Spicy pasta bake – serves 6 generously

FOR THE RAGU:

  • 1 onion, roughly chopped
  • 3 celery sticks, roughly chopped
  • 2 green peppers, roughly chopped
  • 25g unsalted butter
  • 2 tbsp olive oil
  • 5 cloves of garlic, crushed
  • 1 tbsp tomato purée
  • 2 tbsp oregano leaves, finely chopped
  • 1 tbsp ground cumin
  • 1 tbsp ground cinnamon
  • 2 tsp ground allspice
  • 1¼ tsp chilli flakes
  • 2 bay leaves
  • 500g beef mince (not too lean, about 20% fat if possible)
  • 1 x 400g tin chopped tomatoes
  • 5-6 plum tomatoes, coarsely grate and discard the skins – if you have a mouli you could use this
  • 2 red peppers, cut into rough 3cm dice
  • 1 tsp caster sugar
  • 20g parsley, roughly chopped, plus a bit extra to serve

FOR THE BÉCHAMEL:

  • 45g unsalted butter
  • 60g plain flour
  • 500ml full cream milk
  • a pinch of ground nutmeg
  • 130g Greek-style yoghurt
  • 2 egg yolks

OTHER INGREDIENTS:

  • 350g macaroni pasta or similar
  • 180g feta, roughly crumbled
  • ¾ tsp Aleppo chilli flakes, to serve

First make the bolognese. Put the onion, celery and green peppers into a food processor and pulse briefly, until finely chopped.

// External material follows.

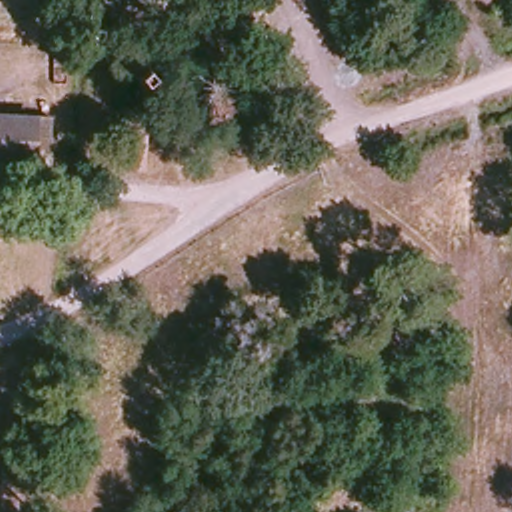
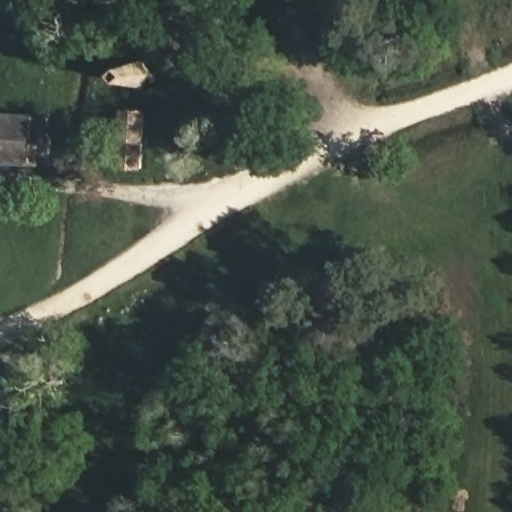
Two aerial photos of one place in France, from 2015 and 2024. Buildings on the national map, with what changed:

Put the butter and oil into a large, heavy saucepan and put over a medium-high heat. Add the onion mixture and cook for 7 minutes, stirring, until softened. Add the garlic, tomato purée, oregano, spices and bay leaves and cook for a minute.

Add the beef mince and cook for a few minutes, breaking it up with a wooden spoon and cooking until no pink bits remain.

Add the tinned and fresh tomatoes, red peppers, sugar, 100ml of water, 2¼ tsp of salt and plenty of black pepper. Bring to a simmer, then cover the pan, reduce the heat to medium-low and leave to simmer very gently for 2½ hours, stirring roughly every 30 minutes, until the sauce is thick and rich. We took the lid off for the last half an hour as our ragu was very liquid. Discard the bay leaves, stir in the parsley and set aside until needed.

To make the béchamel, put the butter into a medium saucepan and place on a medium-high heat. When the butter has melted, stir or whisk in the flour and cook for a minute or two. Gradually pour in the milk, whisking or stirring continuously. Reduce the heat to medium, add the nutmeg and 1 tsp of salt, and cook for another 5 minutes, stirring all the time. Remove from the heat and set aside for 10 minutes, then stir in the yoghurt and egg yolks until mixed in.

Heat the oven to 200C fan.

Bring a large pan of salty water to the boil and cook the pasta until al dente (use the minimum time on the pack). Reserve 3 tbsp of the cooking water, then drain the pasta and add to the ragu with the reserved cooking water. Mix well then pour into a large baking dish (about 30 x 22cm and 8cm deep).

Pour the béchamel over the top and spread out evenly. Sprinkle over the feta and bake for 25 minutes, or until golden and bubbling.

Leave to cool for 10 minutes before serving. Sprinkle with some extra parsley, the aleppo chilli and an extra drizzle of olive oil.

(Original recipe from Falastin by Sami Tamimi and Tara Wigley, Ebury Press, 2020.)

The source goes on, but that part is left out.